Fotos: Pedro Massa Geded/Cortesía de La Rendija Teatro
Para una forma de representación acuñada por el arte de los sonidos hace poco más de cinco siglos y que inicialmente era llamada fábula o drama musical, “Tu cuerpo partido o veinte días negros” de Germán Romero aparece –¿o nace?– desde afectos que tienen, a mi parecer, mayor relación con esas antiguas denominaciones para el género hoy llamado ópera. Pareciera que la potencia de una memoria, las posibilidades de un sentido de pertenencia social como evidente resultado de la catarsis colectiva producto de la Guerra de Castas[1], y un universo personal de peculiar originalidad, vulneran la convencional y lineal aproximación narrativa que sirve como estructura y sustento para muchas óperas.

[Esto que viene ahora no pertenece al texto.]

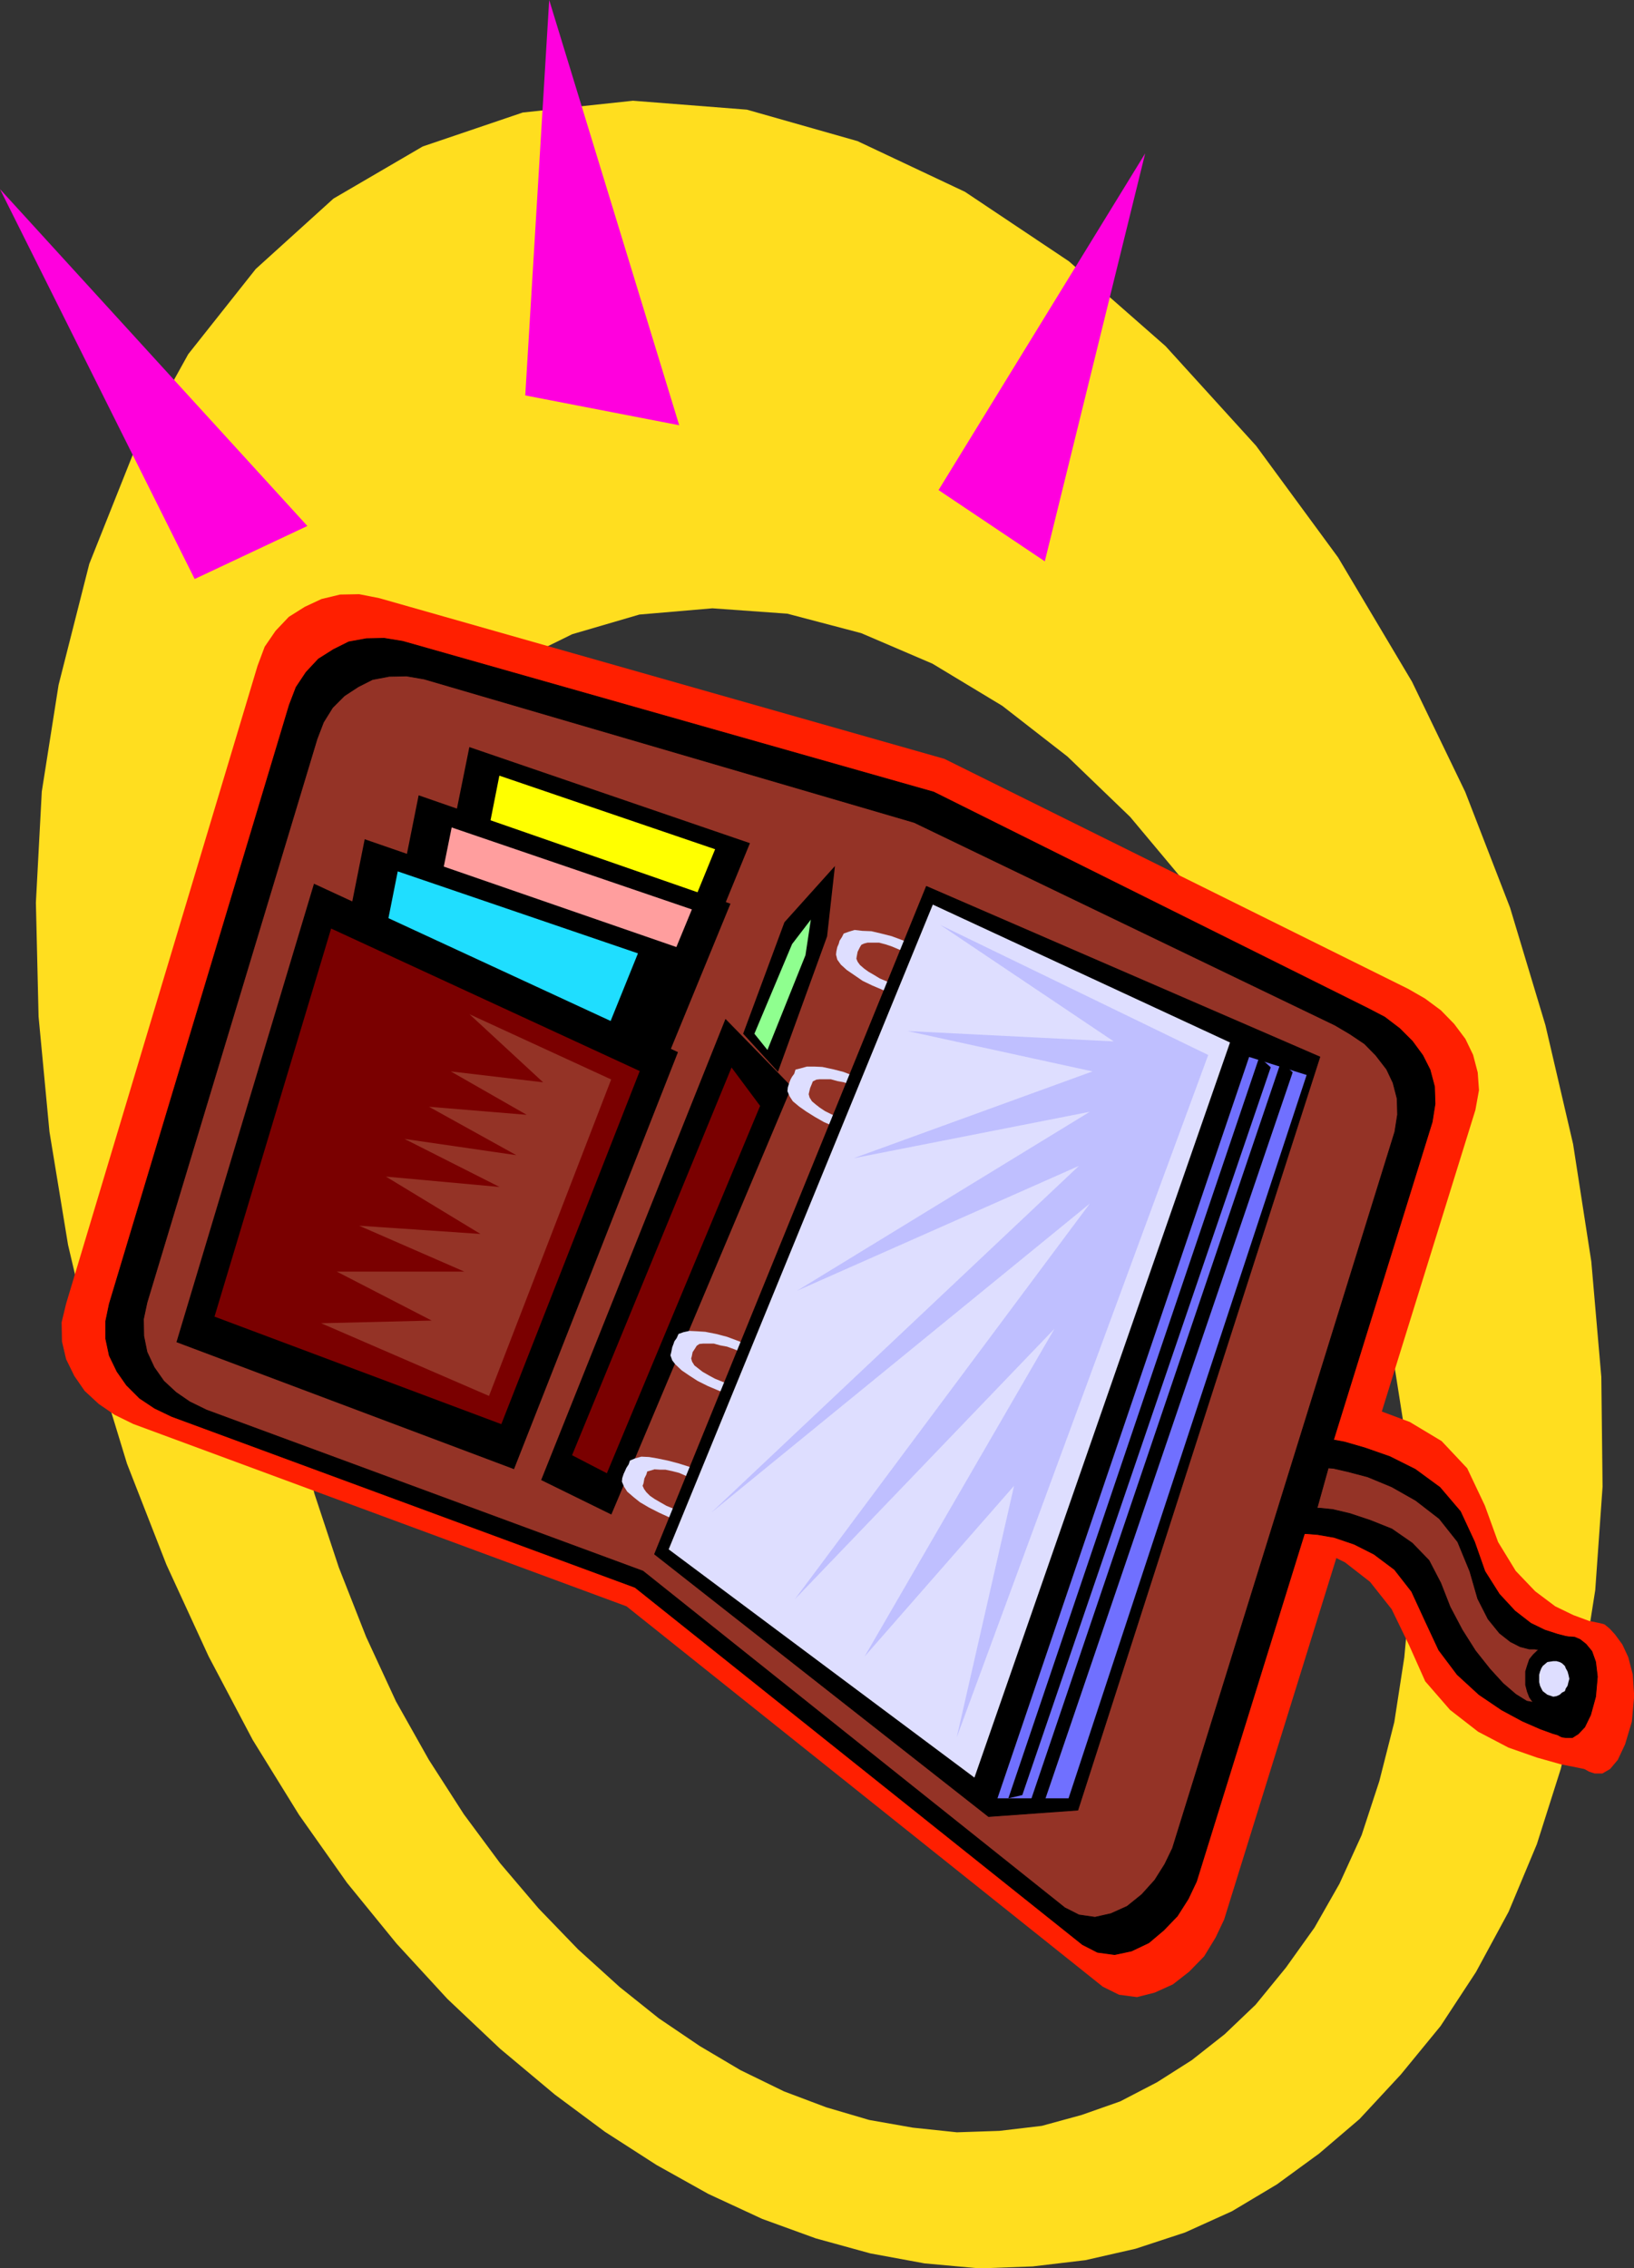<svg xmlns="http://www.w3.org/2000/svg" version="1.2" width="91.49mm" height="480" viewBox="0 0 9149 12700" preserveAspectRatio="xMidYMid" fill-rule="evenodd" stroke-width="28.222" stroke-linejoin="round" xml:space="preserve"><rect x="0" y="0" width="9149" height="12700" fill="#333333" stroke="none"/><defs class="ClipPathGroup"><clipPath id="a" clipPathUnits="userSpaceOnUse"><path d="M0 0h9149v12700H0z"/></clipPath></defs><g class="SlideGroup"><g class="Slide" clip-path="url(#a)"><g class="Page"><g class="com.sun.star.drawing.PolyPolygonShape"><path class="BoundingBox" fill="none" d="M201 564h8773v12138H201z"/><path fill="#FFDE1F" d="m3544 564 638 50 619 176 602 284 582 389 541 475 507 558 459 625 414 696 298 617 251 648 198 658 155 666 102 658 56 646 7 614-41 579-83 526-110 475-134 422-158 378-183 338-198 302-223 272-231 249-226 193-237 173-251 150-263 119-277 91-281 64-295 35-297 11-308-28-304-56-305-84-300-109-302-140-290-162-289-186-280-208-307-257-295-279-285-310-277-340-269-381-259-419-247-468-236-513-221-566-183-600-147-625-104-633-61-645-15-638 33-622 94-597 172-678 247-620 307-554 378-477 435-394 500-292 560-190 617-66Zm0 0Zm445 2842-409 35-376 110-346 170-302 233-273 282-231 336-193 378-147 419-97 391-61 414-28 430 13 445 41 440 78 442 102 431 137 414 153 389 167 361 184 327 196 305 203 274 216 254 221 229 233 211 219 175 229 155 228 135 244 119 236 89 241 71 244 43 247 26 238-8 237-28 223-61 216-76 206-107 195-124 184-145 173-165 170-208 160-224 140-246 124-272 99-302 84-331 56-363 36-391v-424l-33-445-71-452-105-452-139-454-170-441-201-432-229-404-300-424-323-386-351-338-365-284-391-236-399-171-414-109-419-30Z"/></g><g class="com.sun.star.drawing.PolyPolygonShape"><path class="BoundingBox" fill="none" d="M7036 7833h2115v2098H7036z"/><path fill="#FF1F00" d="m7236 7835 38-2 104 5 150 17 181 38 185 69 178 107 143 152 99 209 74 204 99 162 109 114 112 84 101 49 89 33 59 12 20 5 8 3 28 23 30 33 41 56 33 71 25 96 8 121-13 144-38 127-41 87-43 51-43 25h-43l-31-10-23-13-5-2-38-8-91-18-135-38-160-56-170-89-157-122-139-160-91-204-97-200-121-153-140-109-142-71-138-43-111-21-77-10h-27l200-768Z"/></g><g class="com.sun.star.drawing.PolyPolygonShape"><path class="BoundingBox" fill="none" d="M345 3327h7937v7856H345z"/><path fill="#FF1F00" d="m2123 3349 3165 900 2597 1288 94 54 89 66 74 76 63 84 43 89 26 99 7 99-20 111-1407 4533-48 101-64 105-84 86-91 71-102 46-99 25-100-13-91-45-2667-2130L746 7973l-104-51-89-61-79-73-58-84-46-94-23-99-2-107 25-104 1072-3572 40-107 61-89 74-78 89-56 94-44 104-25 107-2 112 22Z"/></g><g class="com.sun.star.drawing.PolyPolygonShape"><path class="BoundingBox" fill="none" d="M590 3571h7449v7377H590z"/><path d="m2255 3591 2973 844 2433 1212 92 48 84 64 71 71 58 79 41 81 25 94 3 97-16 101-1320 4253-46 97-61 96-76 79-84 71-97 46-94 20-96-13-84-43-2505-2000-2594-957-96-46-84-56-74-74-53-76-43-89-20-94v-99l20-96 1008-3354 38-99 56-84 69-74 84-53 86-43 99-18 99-2 104 17Z"/><path fill="none" stroke="#000" stroke-width="4" stroke-linejoin="miter" d="m2255 3591 2973 844 2433 1212 92 48 84 64 71 71 58 79 41 81 25 94 3 97-16 101-1320 4253-46 97-61 96-76 79-84 71-97 46-94 20-96-13-84-43-2505-2000-2594-957-96-46-84-56-74-74-53-76-43-89-20-94v-99l20-96 1008-3354 38-99 56-84 69-74 84-53 86-43 99-18 99-2 104 17Z"/></g><g class="com.sun.star.drawing.PolyPolygonShape"><path class="BoundingBox" fill="none" d="M800 3782h7029v6957H800z"/><path fill="#943326" d="m2375 3802 2744 803 2356 1135 83 49 82 55 63 64 61 79 36 76 23 89 2 89-15 96-1245 4012-43 89-56 89-73 81-82 66-91 41-89 20-90-13-79-40-2362-1885-2444-902-94-46-77-53-68-63-54-77-40-86-18-89-2-94 20-94 952-3155 36-94 51-82 66-66 78-51 79-40 94-18 97-2 99 17Z"/><path fill="none" stroke="#000" stroke-width="4" stroke-linejoin="miter" d="m2375 3802 2744 803 2356 1135 83 49 82 55 63 64 61 79 36 76 23 89 2 89-15 96-1245 4012-43 89-56 89-73 81-82 66-91 41-89 20-90-13-79-40-2362-1885-2444-902-94-46-77-53-68-63-54-77-40-86-18-89-2-94 20-94 952-3155 36-94 51-82 66-66 78-51 79-40 94-18 97-2 99 17Z"/></g><g class="com.sun.star.drawing.PolyPolygonShape"><path class="BoundingBox" fill="none" d="M2503 4183h1697v1376H2503z"/><path d="m2504 4797 124-614 1571 538-343 837-1352-761Z"/></g><g class="com.sun.star.drawing.PolyPolygonShape"><path class="BoundingBox" fill="none" d="M2703 4343h1302v1060H2703z"/><path fill="#FF0" d="m2703 4813 93-470 1208 412-264 646-1037-588Z"/></g><g class="com.sun.star.drawing.PolyPolygonShape"><path class="BoundingBox" fill="none" d="M2207 4453h1884v1537H2207z"/><path d="m2207 5138 137-685 1746 607-381 928-1502-850Z"/></g><g class="com.sun.star.drawing.PolyPolygonShape"><path class="BoundingBox" fill="none" d="M2423 4633h1452v1175H2423z"/><path fill="#FF9E9E" d="m2423 5158 106-525 1345 459-295 715-1156-649Z"/></g><g class="com.sun.star.drawing.PolyPolygonShape"><path class="BoundingBox" fill="none" d="M1905 4698h1888v1535H1905z"/><path d="m1905 5385 137-686 1749 605-381 928-1505-847Z"/></g><g class="com.sun.star.drawing.PolyPolygonShape"><path class="BoundingBox" fill="none" d="M2123 4879h1450v1175H2123z"/><path fill="#1FDEFF" d="m2123 5402 104-523 1345 459-289 715-1160-651Z"/></g><g class="com.sun.star.drawing.PolyPolygonShape"><path class="BoundingBox" fill="none" d="M988 4948h2809v3279H988z"/><path d="m988 7515 770-2567 2038 943-918 2335-1890-711Z"/></g><g class="com.sun.star.drawing.PolyPolygonShape"><path class="BoundingBox" fill="none" d="M3030 5705h1404v2776H3030z"/><path d="m3030 8287 1032-2582 371 380-1010 2395-393-193Z"/></g><g class="com.sun.star.drawing.PolyPolygonShape"><path class="BoundingBox" fill="none" d="M1201 5199h2382v2776H1201z"/><path fill="#7A0000" d="m1201 7372 653-2173 1728 798-775 1977-1606-602Z"/></g><g class="com.sun.star.drawing.PolyPolygonShape"><path class="BoundingBox" fill="none" d="M3203 5977h1054v2273H3203z"/><path fill="#7A0000" d="m3203 8148 893-2171 160 215-858 2057-195-101Z"/></g><g class="com.sun.star.drawing.PolyPolygonShape"><path class="BoundingBox" fill="none" d="M3482 8156h650v396h-650z"/><path fill="#DEDEFF" d="m4103 8518-18 15-25 13-33 3-43 2-54-7-56-11-64-15-58-20-61-28-57-29-51-30-35-28-36-31-18-28-12-28 2-20 8-24 7-15 8-18 13-20 7-21 28-12 36-10 43 2 47 8 58 12 61 16 63 20 59 25 57 29 48 31 43 30 31 28 23 28 7 26v27l-7 22-8 18-5 15-8 25Zm0 0Zm-104-58 8-27 10-22v-18l-5-16-18-20-18-18-29-20-30-20-38-18-33-15-43-19-39-10-38-8h-30l-31-2-23 7-18 5-5 17-11 22-5 28-5 13 8 18 13 18 20 20 26 18 31 18 35 20 44 18 35 13 41 8 35 8 33 5 26-3 26-2 15-11 13-7Z"/></g><g class="com.sun.star.drawing.PolyPolygonShape"><path class="BoundingBox" fill="none" d="M3754 7451h648v394h-648z"/><path fill="#DEDEFF" d="m4372 7806-16 15-22 12-38 6-41 5-53-11-51-10-64-17-59-18-66-28-56-28-48-31-41-28-36-34-17-22-10-28 5-21 5-25 7-18 5-15 13-18 10-23 28-10 33-7 43 2 46 3 61 12 61 16 67 25 56 23 56 28 46 28 43 30 28 28 23 32 7 25 3 25-8 18-8 18-5 18-7 23Zm0 0Zm-104-56 10-26 12-23v-20l-10-15-15-19-20-20-28-18-31-18-35-20-36-15-44-16-38-7-36-10h-61l-20 2-15 10-8 13-15 23-5 25-3 10 5 18 13 21 23 18 23 18 35 20 33 18 44 18 39 13 38 12 33 5 33 6 25-6h26l15-7 13-10Z"/></g><g class="com.sun.star.drawing.PolyPolygonShape"><path class="BoundingBox" fill="none" d="M4409 5972h647v391h-647z"/><path fill="#DEDEFF" d="m5027 6327-18 15-25 10-33 8-44 2-53-8-53-5-61-20-60-18-66-28-51-29-48-30-40-28-36-30-18-28-12-28 2-21 8-26 7-18 8-15 13-18 7-23 28-7 36-10h43l43 2 61 13 58 15 65 25 61 26 56 29 46 28 43 33 30 28 23 30 8 26v25l-8 19-8 15-5 15-7 26Zm0 0Zm-104-54 10-29 10-23v-20l-8-15-15-18-20-20-28-18-31-18-38-20-33-15-44-17-38-7-36-10h-63l-18 2-20 10-5 13-10 24-6 25-2 10 5 18 13 21 20 17 23 18 30 20 36 18 43 18 39 14 41 12 33 5 33 6 25-6h26l15-7 13-8Z"/></g><g class="com.sun.star.drawing.PolyPolygonShape"><path class="BoundingBox" fill="none" d="M4681 5207h648v397h-648z"/><path fill="#DEDEFF" d="m5299 5567-21 15-22 13-36 5-43 2-54-7-50-11-64-17-59-21-66-28-54-26-48-33-41-28-33-30-20-28-7-28 2-18 5-24 8-18 5-18 13-20 10-20 28-10 33-10 43 5 51 2 55 13 59 15 67 25 58 21 56 29 46 30 43 33 31 28 23 31 10 25v23l-10 21-6 18-7 18-5 23Zm0 0Zm-107-56 10-27 13-25v-18l-10-15-15-18-18-20-28-18-33-18-36-20-35-13-45-19-35-12-38-10h-64l-20 5-15 7-8 13-13 26-5 26-2 13 7 17 13 18 23 20 25 18 31 18 33 20 43 18 39 14 38 7 33 8 36 5 23-2 25-3 15-10 13-5Z"/></g><g class="com.sun.star.drawing.PolyPolygonShape"><path class="BoundingBox" fill="none" d="M3662 4960h3732v5215H3662z"/><path d="M5187 4963 3665 8702l1870 1469 500-36 1355-4217-2203-955Z"/><path fill="none" stroke="#000" stroke-width="4" stroke-linejoin="miter" d="M5187 4963 3665 8702l1870 1469 500-36 1355-4217-2203-955Z"/></g><g class="com.sun.star.drawing.PolyPolygonShape"><path class="BoundingBox" fill="none" d="M3744 5065h3144v4889H3744z"/><path fill="#DEDEFF" d="m5223 5065 1664 772-1431 4116-1712-1278 1479-3610Z"/></g><g class="com.sun.star.drawing.PolyPolygonShape"><path class="BoundingBox" fill="none" d="M5585 5918h1732v4152H5585z"/><path fill="#7070FF" d="m6994 5918-1409 4151h398l1333-4050-322-101Z"/></g><g class="com.sun.star.drawing.PolyPolygonShape"><path class="BoundingBox" fill="none" d="M5646 5918h1470v4152H5646z"/><path d="m7051 5918-1405 4151 78-18 1391-4075-64-58Z"/></g><g class="com.sun.star.drawing.PolyPolygonShape"><path class="BoundingBox" fill="none" d="M5766 5946h1474v4152H5766z"/><path d="m7172 5946-1406 4151 83-13 1389-4080-66-58Z"/></g><g class="com.sun.star.drawing.PolyPolygonShape"><path class="BoundingBox" fill="none" d="M3983 5179h2783v4549H3983z"/><path fill="#BFBFFF" d="m6765 5907-1500-728 971 652-1154-58 1035 226-1337 486 1322-260-1639 1002 1578-699-2058 1941 2119-1730-1652 2216 1454-1515-1063 1835 837-956-321 1408 1408-3820Z"/></g><g class="com.sun.star.drawing.PolyPolygonShape"><path class="BoundingBox" fill="none" d="M4161 4848h515v1154h-515z"/><path d="m4161 5788 231-624 283-315-44 394-275 758-195-213Z"/></g><g class="com.sun.star.drawing.PolyPolygonShape"><path class="BoundingBox" fill="none" d="M4224 5149h317v732h-317z"/><path fill="#8FFF8F" d="m4224 5788 211-502 105-137-30 199-213 531-73-91Z"/></g><g class="com.sun.star.drawing.PolyPolygonShape"><path class="BoundingBox" fill="none" d="M7292 8054h1656v1678H7292z"/><path d="m7419 8057 28 2 81 15 114 33 140 49 142 71 138 101 115 135 79 170 58 165 81 128 87 94 89 69 78 38 71 23 46 12 20 3h6l25 2 30 13 33 26 33 40 21 59 10 83-10 112-28 102-33 68-36 38-33 21h-35l-23-3-15-7-8-5-28-8-69-25-101-44-117-63-127-86-122-112-103-137-76-163-76-165-96-123-115-86-111-56-112-38-92-16-61-5h-22l124-530Z"/><path fill="none" stroke="#000" stroke-width="4" stroke-linejoin="miter" d="m7419 8057 28 2 81 15 114 33 140 49 142 71 138 101 115 135 79 170 58 165 81 128 87 94 89 69 78 38 71 23 46 12 20 3h6l25 2 30 13 33 26 33 40 21 59 10 83-10 112-28 102-33 68-36 38-33 21h-35l-23-3-15-7-8-5-28-8-69-25-101-44-117-63-127-86-122-112-103-137-76-163-76-165-96-123-115-86-111-56-112-38-92-16-61-5h-22l124-530Z"/></g><g class="com.sun.star.drawing.PolyPolygonShape"><path class="BoundingBox" fill="none" d="M7371 8216h1481v1344H7371z"/><path fill="#943326" d="m7437 8219 28 2 79 18 114 30 135 56 134 76 132 102 103 130 68 165 44 153 58 114 64 79 61 48 55 28 51 13h31l15 3h13l33 10 50 12 54 26 46 28 33 38 10 48-18 61-41 51-35 33-31 10-28 3-28-11-25-7-28-8-23 3-43-8-61-38-71-61-74-81-81-102-74-117-68-129-52-133-66-127-94-97-114-79-120-48-114-38-97-23-68-7h-20l63-226Z"/><path fill="none" stroke="#000" stroke-width="4" stroke-linejoin="miter" d="m7437 8219 28 2 79 18 114 30 135 56 134 76 132 102 103 130 68 165 44 153 58 114 64 79 61 48 55 28 51 13h31l15 3h13l33 10 50 12 54 26 46 28 33 38 10 48-18 61-41 51-35 33-31 10-28 3-28-11-25-7-28-8-23 3-43-8-61-38-71-61-74-81-81-102-74-117-68-129-52-133-66-127-94-97-114-79-120-48-114-38-97-23-68-7h-20l63-226Z"/></g><g class="com.sun.star.drawing.PolyPolygonShape"><path class="BoundingBox" fill="none" d="M8540 9208h327v385h-327z"/><path d="M8696 9210h34l31 12 25 21 28 22 18 26 15 35 10 33 6 42-6 33-10 38-15 31-18 30-28 23-25 18-31 10-34 5-33-5-28-10-27-18-23-23-21-30-12-31-10-38v-75l10-33 12-35 21-26 23-22 27-21 28-12h33Z"/><path fill="none" stroke="#000" stroke-width="4" stroke-linejoin="miter" d="M8696 9210h34l31 12 25 21 28 22 18 26 15 35 10 33 6 42-6 33-10 38-15 31-18 30-28 23-25 18-31 10-34 5-33-5-28-10-27-18-23-23-21-30-12-31-10-38v-75l10-33 12-35 21-26 23-22 27-21 28-12h33Z"/></g><g class="com.sun.star.drawing.PolyPolygonShape"><path class="BoundingBox" fill="none" d="M8618 9301h170v200h-170z"/><path fill="#DEDEFF" d="M8697 9301h18l18 5 13 7 16 15 5 13 10 18 5 18 5 23-5 18-5 21-10 15-5 15-16 8-13 12-18 8-18 3-33-11-26-20-8-15-7-15-5-21v-41l5-18 7-18 8-13 26-22 33-5Z"/></g><g class="com.sun.star.drawing.PolyPolygonShape"><path class="BoundingBox" fill="none" d="M1798 5679h1625v2138H1798z"/><path fill="#943326" d="m3422 6044-793-365 412 381-517-61 425 243-547-45 489 271-626-91 532 269-636-58 529 321-679-46 589 257h-714l531 274-619 15 940 407 684-1772Z"/></g><g class="com.sun.star.drawing.PolyPolygonShape"><path class="BoundingBox" fill="none" d="M0 1059h1722v2184H0z"/><path fill="#FF00DE" d="m0 1059 1090 2183 631-297L0 1059Z"/></g><g class="com.sun.star.drawing.PolyPolygonShape"><path class="BoundingBox" fill="none" d="M2941 0h864v2382h-864z"/><path fill="#FF00DE" d="m3075 0-134 2214 862 167L3075 0Z"/></g><g class="com.sun.star.drawing.PolyPolygonShape"><path class="BoundingBox" fill="none" d="M5255 859h1158v2285H5255z"/><path fill="#FF00DE" d="M5255 2744 6412 859l-562 2284-595-399Z"/></g></g></g></g></svg>

Valiéndose de una escenografía sencilla, íntima, ingeniosamente labrada y excelentemente cosechada (a cargo de Óscar Urrutia) que cohesiona la multipolaridad de estímulos con un vestuario de sesudo artesanado (huipiles bordados por Elena Martínez Bolio) en colores blanco, ocre, sepia o barro -a excepción de uno de los personajes que vestía en tonos de azul-, equilibrando la paleta de colores; la obra comienza con una nitidez tímbrica que ancla la elección de las ulteriores declamaciones líricas bilingües entre el maya y el español, como un sucinto e inmediato prólogo musical donde el inicio hace las veces de antesala, con efectos que anuncian de qué tratará el resto de la obra.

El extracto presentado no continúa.